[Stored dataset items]
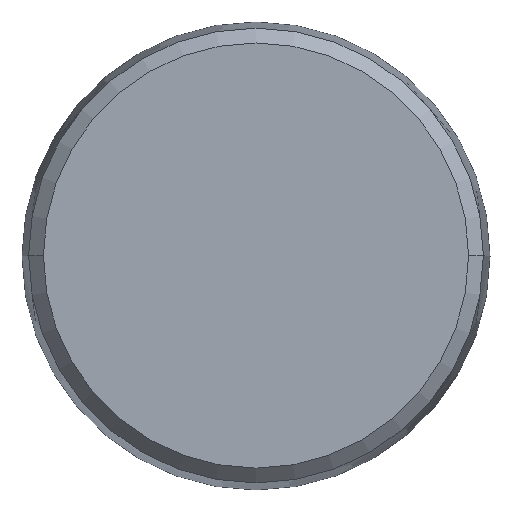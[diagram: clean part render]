
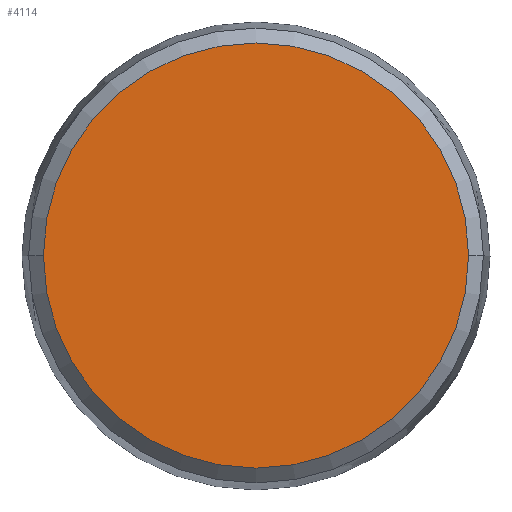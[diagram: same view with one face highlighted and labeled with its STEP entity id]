
A CAD part, top view. The second image highlights one B-rep face of the part: STEP entity #4114.
In plain terms, the highlighted planar face has unit normal (0, 0, 1).
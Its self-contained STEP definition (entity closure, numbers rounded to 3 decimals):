
#4091=CARTESIAN_POINT('Axis2P3D Location',(0.,0.,10.)) ;
#4096=CARTESIAN_POINT('Axis2P3D Location',(0.,0.,10.)) ;
#4100=CARTESIAN_POINT('Vertex',(-7.561,0.,10.)) ;
#4102=CARTESIAN_POINT('Vertex',(7.561,0.,10.)) ;
#4105=CARTESIAN_POINT('Axis2P3D Location',(0.,0.,10.)) ;
#4092=DIRECTION('Axis2P3D Direction',(0.,0.,1.)) ;
#4093=DIRECTION('Axis2P3D XDirection',(1.,0.,0.)) ;
#4097=DIRECTION('Axis2P3D Direction',(0.,0.,1.)) ;
#4106=DIRECTION('Axis2P3D Direction',(0.,0.,1.)) ;
#4094=AXIS2_PLACEMENT_3D('Plane Axis2P3D',#4091,#4092,#4093) ;
#4098=AXIS2_PLACEMENT_3D('Circle Axis2P3D',#4096,#4097,$) ;
#4107=AXIS2_PLACEMENT_3D('Circle Axis2P3D',#4105,#4106,$) ;
#4111=ORIENTED_EDGE('',*,*,#4104,.T.) ;
#4112=ORIENTED_EDGE('',*,*,#4109,.T.) ;
#4114=ADVANCED_FACE('Corps principal',(#4113),#4095,.T.) ;
#4099=CIRCLE('generated circle',#4098,7.561) ;
#4108=CIRCLE('generated circle',#4107,7.561) ;
#4104=EDGE_CURVE('',#4101,#4103,#4099,.T.) ;
#4109=EDGE_CURVE('',#4103,#4101,#4108,.T.) ;
#4110=EDGE_LOOP('',(#4111,#4112)) ;
#4113=FACE_OUTER_BOUND('',#4110,.T.) ;
#4095=PLANE('',#4094) ;
#4101=VERTEX_POINT('',#4100) ;
#4103=VERTEX_POINT('',#4102) ;

_WHAT YOU WILL DO_:
Set down every line above exactly, pictures excluded.

_ANSWER BOX_:
[diagram: clean part render]
[diagram: same view with one face highlighted and labeled with its STEP entity id]
A CAD part, top view. The second image highlights one B-rep face of the part: STEP entity #4114.
In plain terms, the highlighted planar face has unit normal (0, 0, 1).
Its self-contained STEP definition (entity closure, numbers rounded to 3 decimals):
#4091=CARTESIAN_POINT('Axis2P3D Location',(0.,0.,10.)) ;
#4096=CARTESIAN_POINT('Axis2P3D Location',(0.,0.,10.)) ;
#4100=CARTESIAN_POINT('Vertex',(-7.561,0.,10.)) ;
#4102=CARTESIAN_POINT('Vertex',(7.561,0.,10.)) ;
#4105=CARTESIAN_POINT('Axis2P3D Location',(0.,0.,10.)) ;
#4092=DIRECTION('Axis2P3D Direction',(0.,0.,1.)) ;
#4093=DIRECTION('Axis2P3D XDirection',(1.,0.,0.)) ;
#4097=DIRECTION('Axis2P3D Direction',(0.,0.,1.)) ;
#4106=DIRECTION('Axis2P3D Direction',(0.,0.,1.)) ;
#4094=AXIS2_PLACEMENT_3D('Plane Axis2P3D',#4091,#4092,#4093) ;
#4098=AXIS2_PLACEMENT_3D('Circle Axis2P3D',#4096,#4097,$) ;
#4107=AXIS2_PLACEMENT_3D('Circle Axis2P3D',#4105,#4106,$) ;
#4111=ORIENTED_EDGE('',*,*,#4104,.T.) ;
#4112=ORIENTED_EDGE('',*,*,#4109,.T.) ;
#4114=ADVANCED_FACE('Corps principal',(#4113),#4095,.T.) ;
#4099=CIRCLE('generated circle',#4098,7.561) ;
#4108=CIRCLE('generated circle',#4107,7.561) ;
#4104=EDGE_CURVE('',#4101,#4103,#4099,.T.) ;
#4109=EDGE_CURVE('',#4103,#4101,#4108,.T.) ;
#4110=EDGE_LOOP('',(#4111,#4112)) ;
#4113=FACE_OUTER_BOUND('',#4110,.T.) ;
#4095=PLANE('',#4094) ;
#4101=VERTEX_POINT('',#4100) ;
#4103=VERTEX_POINT('',#4102) ;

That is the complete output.